§ Try it: Please set down each entry exactly, omitting any picture it holds.

§ Input for this task:
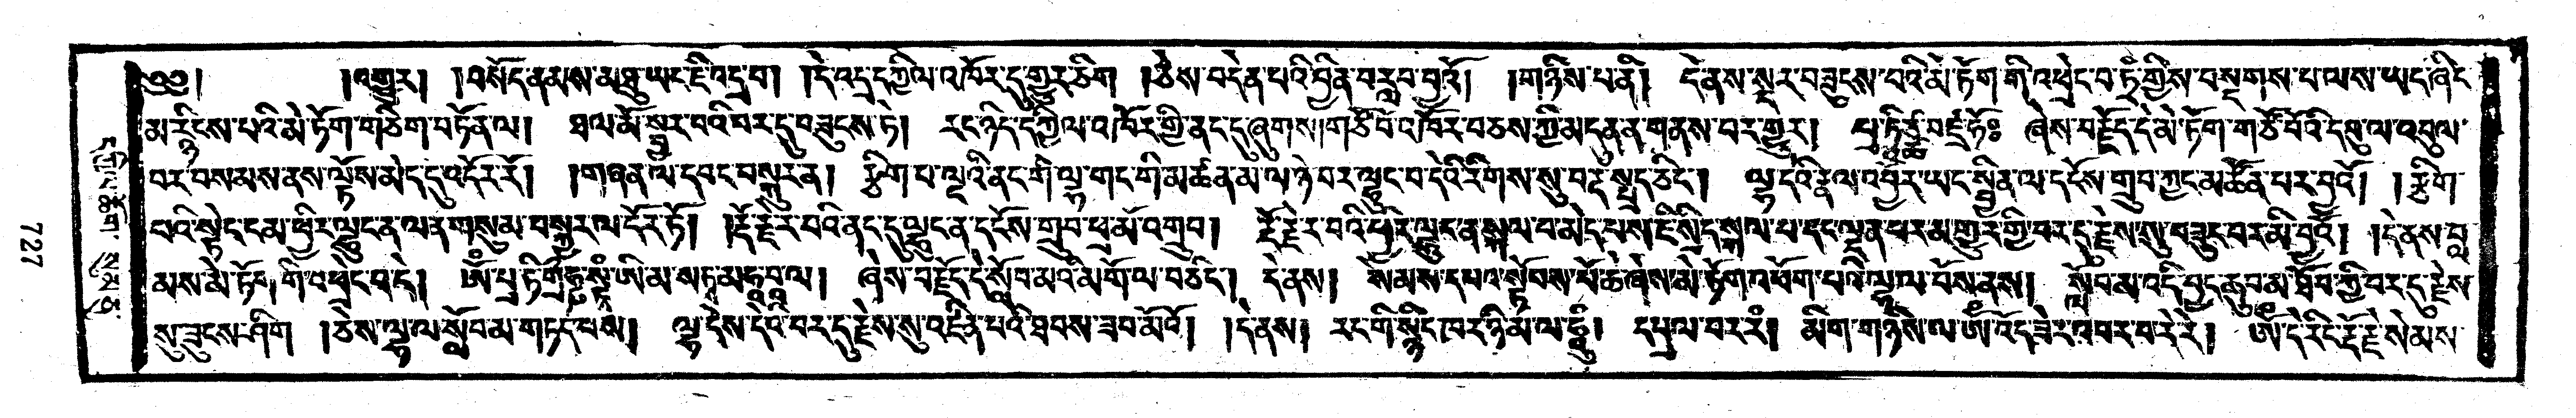༄༅། །འགྱུར། །བསོད་ནམས་མཐུ་ཡང་ཇི་འདྲ་བ། །དེ་འདྲ་དཀྱིལ་འཁོར་དུ་གྱུར་ཅིག །ཅེས་བདེན་པའི་བྱིན་བརླབ་བྱའོ། །གཉིས་པ་ནི། དེ་ནས་སྔར་བཟུངས་པའི་མེ་ཏོག་གི་འཕྲེང་བ་ཏྲཾ་གྱིས་བསྔགས་པ་ལས་ཡང་ཞིང་
མ་རྙིངས་པའི་མེ་ཏོག་གཅིག་བཏོན་པ། ཐལ་མོ་སྦྱར་བའི་བར་དུ་བཟུངས་ཏེ། རང་ཉིད་དཀྱིལ་འཁོར་གྱི་ནང་དུ་ཞུགས་གཙོ་བོ་འཁོར་བཅས་ཀྱི་མདུན་ན་གནས་བར་གྱུར། པྲ་ཏཱིཙྪ་བཛྲ་ཧོཿ ཞེས་བརྗོད་དེ་མེ་ཏོག་གཙོ་བོའི་དབུ་ལ་འབུལ་
བར་བསམས་ནས་ལྟོས་མེད་དུ་འདོར་རོ། །གཞན་ལ་དབང་བསྐུར་ན། རྩིག་པ་ལྔའི་ནང་གི་ལྷ་གང་གི་མཚན་མ་ལ་ཉེ་བར་ལྷུང་བ་དེའི་རིགས་སུ་བརྡ་སྦྲད་ཅིང་། ལྷ་དེའི་རྣལ་འབྱོར་ཡང་སྦྱིན་ལ་དངོས་གྲུབ་ཀྱང་མཚོན་པར་བྱའོ། །རྩིག་
པའི་སྟེང་ངམ་ཕྱིར་ལྷུང་ན་ལན་གསུམ་བསྐྱར་ལ་དོར་ཏོ། །རྡོ་རྗེ་ར་བའི་ནང་དུ་ལྷུང་ན་དངོས་གྲུབ་ཕྲ་མོ་འགྲུབ། རྡོ་རྗེ་ར་བའི་ཕྱིར་ལྷུང་ན་སྐལ་བ་མེད་པས་ཇི་སྲིད་སྐལ་བ་དང་ལྡན་པར་མ་གྱུར་གྱི་བར་དུ་རྗེས་སུ་བཟུང་བར་མི་བྱའོ། །དེ་ནས་བླ་
མས་མེ་ཏོག་གི་འཕྲེང་བ་དེ། ཨོཾ་པྲ་ཏི་གྲྀཧྞ་སྟྭཾ་ཨི་མ་སཏྭ་མཧཱ་བཱ་ལ། ཞེས་བརྗོད་དེ་སློབ་མའི་མགོ་ལ་བཅིང་། དེ་ནས། སེམས་དཔའ་སྟོབས་པོ་ཆེ་ཞེས་མེ་ཏོག་འཕོག་པའི་ལྷ་ལ་བོས་ནས། སློབ་མ་འདི་བྱང་ཆུབ་མ་ཐོབ་ཀྱི་བར་དུ་རྗེས་
སུ་ཟུངས་ཤིག །ཅེས་ལྷ་ལ་སློབ་མ་གཏད་པས། ལྷ་དེས་དེའི་བར་དུ་རྗེས་སུ་འཛིན་པའི་ཐབས་ཟབ་མོའོ། །དེ་ནས། རང་གི་སྙིང་ཁར་ཉི་མ་ལ་ཧཱུཾ། དཔྲལ་བར་རཾ། མིག་གཉིས་ལ་ཨོཾ་འོད་ཟེར་འབར་བ་རེ་རེ། ཨོཾ་དེ་རིང་རྡོ་རྗེ་སེམས་

§ Exercise result:
༄༅། །འགྱུར། །བསོད་ནམས་མཐུ་ཡང་ཇི་འདྲ་བ། །དེ་འདྲ་དཀྱིལ་འཁོར་དུ་གྱུར་ཅིག །ཅེས་བདེན་པའི་བྱིན་བརླབ་བྱའོ། །གཉིས་པ་ནི། དེ་ནས་སྔར་བཟུངས་པའི་མེ་ཏོག་གི་འཕྲེང་བ་ཏྲཾ་གྱིས་བསྔགས་པ་ལས་ཡང་ཞིང་
མ་རྙིངས་པའི་མེ་ཏོག་གཅིག་བཏོན་པ། ཐལ་མོ་སྦྱར་བའི་བར་དུ་བཟུངས་ཏེ། རང་ཉིད་དཀྱིལ་འཁོར་གྱི་ནང་དུ་ཞུགས་གཙོ་བོ་འཁོར་བཅས་ཀྱི་མདུན་ན་གནས་བར་གྱུར། པྲ་ཏཱིཙྪ་བཛྲ་ཧོཿ ཞེས་བརྗོད་དེ་མེ་ཏོག་གཙོ་བོའི་དབུ་ལ་འབུལ་
བར་བསམས་ནས་ལྟོས་མེད་དུ་འདོར་རོ། །གཞན་ལ་དབང་བསྐུར་ན། རྩིག་པ་ལྔའི་ནང་གི་ལྷ་གང་གི་མཚན་མ་ལ་ཉེ་བར་ལྷུང་བ་དེའི་རིགས་སུ་བརྡ་སྦྲད་ཅིང་། ལྷ་དེའི་རྣལ་འབྱོར་ཡང་སྦྱིན་ལ་དངོས་གྲུབ་ཀྱང་མཚོན་པར་བྱའོ། །རྩིག་
པའི་སྟེང་ངམ་ཕྱིར་ལྷུང་ན་ལན་གསུམ་བསྐྱར་ལ་དོར་ཏོ། །རྡོ་རྗེ་ར་བའི་ནང་དུ་ལྷུང་ན་དངོས་གྲུབ་ཕྲ་མོ་འགྲུབ། རྡོ་རྗེ་ར་བའི་ཕྱིར་ལྷུང་ན་སྐལ་བ་མེད་པས་ཇི་སྲིད་སྐལ་བ་དང་ལྡན་པར་མ་གྱུར་གྱི་བར་དུ་རྗེས་སུ་བཟུང་བར་མི་བྱའོ། །དེ་ནས་བླ་
མས་མེ་ཏོག་གི་འཕྲེང་བ་དེ། ཨོཾ་པྲ་ཏི་གྲྀཧྞ་སྟྭཾ་ཨི་མ་སཏྭ་མཧཱ་བཱ་ལ། ཞེས་བརྗོད་དེ་སློབ་མའི་མགོ་ལ་བཅིང་། དེ་ནས། སེམས་དཔའ་སྟོབས་པོ་ཆེ་ཞེས་མེ་ཏོག་འཕོག་པའི་ལྷ་ལ་བོས་ནས། སློབ་མ་འདི་བྱང་ཆུབ་མ་ཐོབ་ཀྱི་བར་དུ་རྗེས་
སུ་ཟུངས་ཤིག །ཅེས་ལྷ་ལ་སློབ་མ་གཏད་པས། ལྷ་དེས་དེའི་བར་དུ་རྗེས་སུ་འཛིན་པའི་ཐབས་ཟབ་མོའོ། །དེ་ནས། རང་གི་སྙིང་ཁར་ཉི་མ་ལ་ཧཱུཾ། དཔྲལ་བར་རཾ། མིག་གཉིས་ལ་ཨོཾ་འོད་ཟེར་འབར་བ་རེ་རེ། ཨོཾ་དེ་རིང་རྡོ་རྗེ་སེམས་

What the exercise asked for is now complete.